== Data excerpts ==
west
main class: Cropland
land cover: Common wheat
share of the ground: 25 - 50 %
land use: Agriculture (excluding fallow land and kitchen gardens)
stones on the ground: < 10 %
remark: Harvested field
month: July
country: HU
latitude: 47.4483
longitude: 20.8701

--

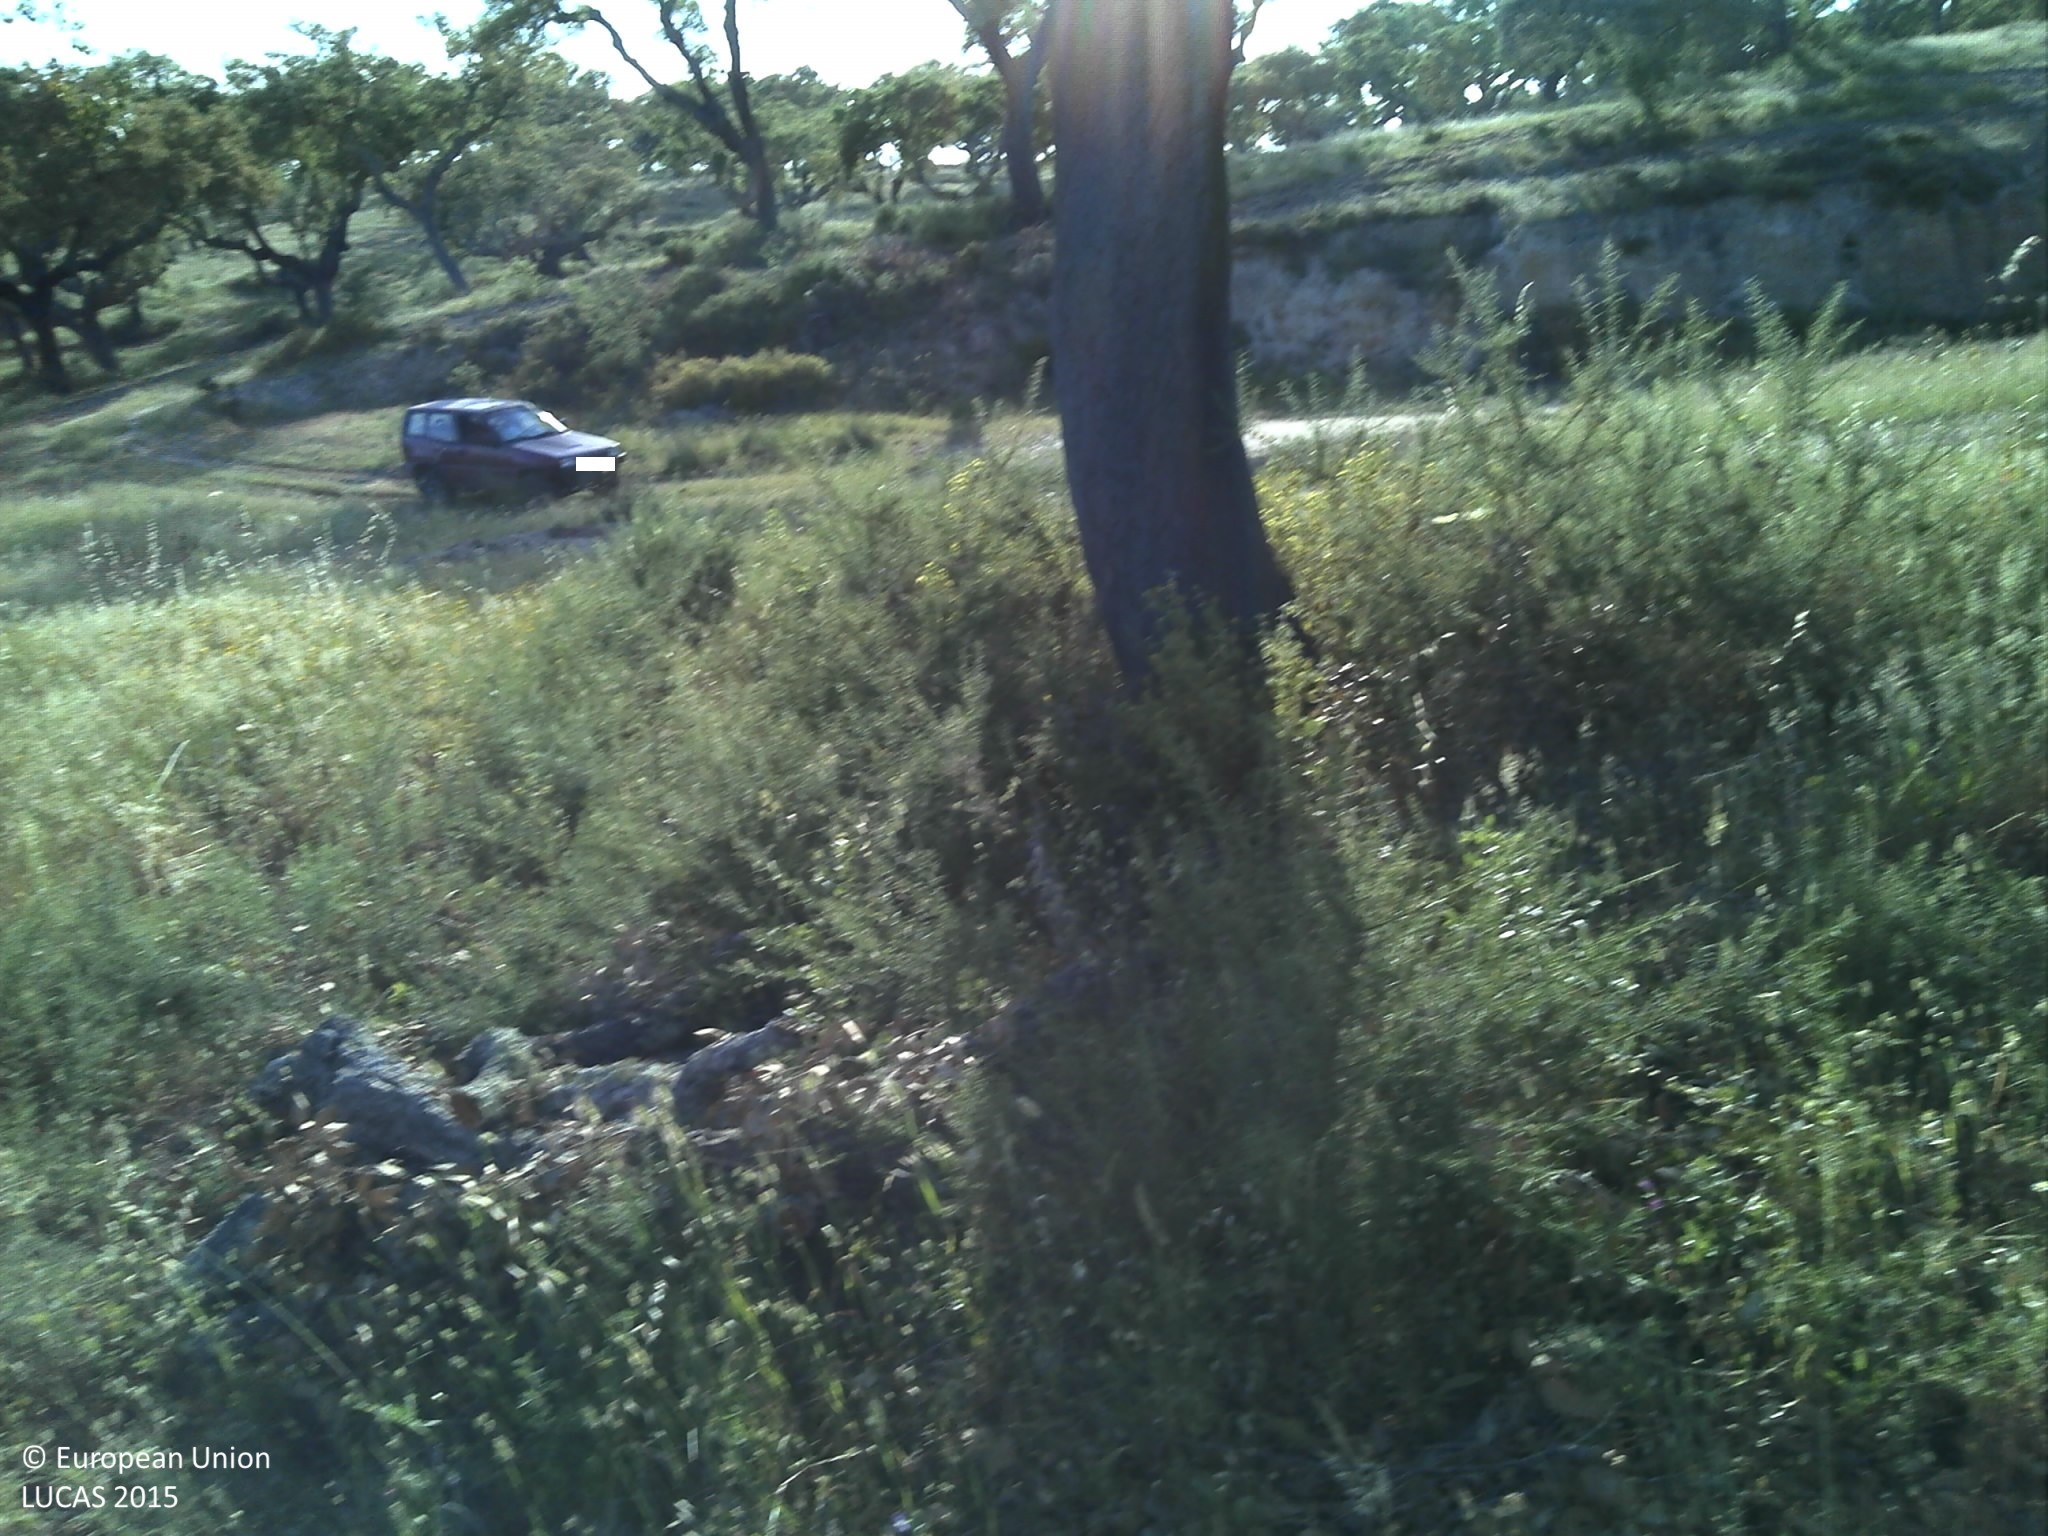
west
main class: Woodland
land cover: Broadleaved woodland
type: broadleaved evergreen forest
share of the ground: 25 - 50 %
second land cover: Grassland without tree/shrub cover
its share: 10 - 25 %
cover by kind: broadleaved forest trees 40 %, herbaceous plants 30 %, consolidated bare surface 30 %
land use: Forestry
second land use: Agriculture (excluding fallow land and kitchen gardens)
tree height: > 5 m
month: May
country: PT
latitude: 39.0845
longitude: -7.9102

== To do ==
As the answer, set down only the lines from the data above between the one holding "second land cover: Grassland" and the one holding "longitude: -7.9102", inclusive, exactly as they read.

== Solution to the problem ==
second land cover: Grassland without tree/shrub cover
its share: 10 - 25 %
cover by kind: broadleaved forest trees 40 %, herbaceous plants 30 %, consolidated bare surface 30 %
land use: Forestry
second land use: Agriculture (excluding fallow land and kitchen gardens)
tree height: > 5 m
month: May
country: PT
latitude: 39.0845
longitude: -7.9102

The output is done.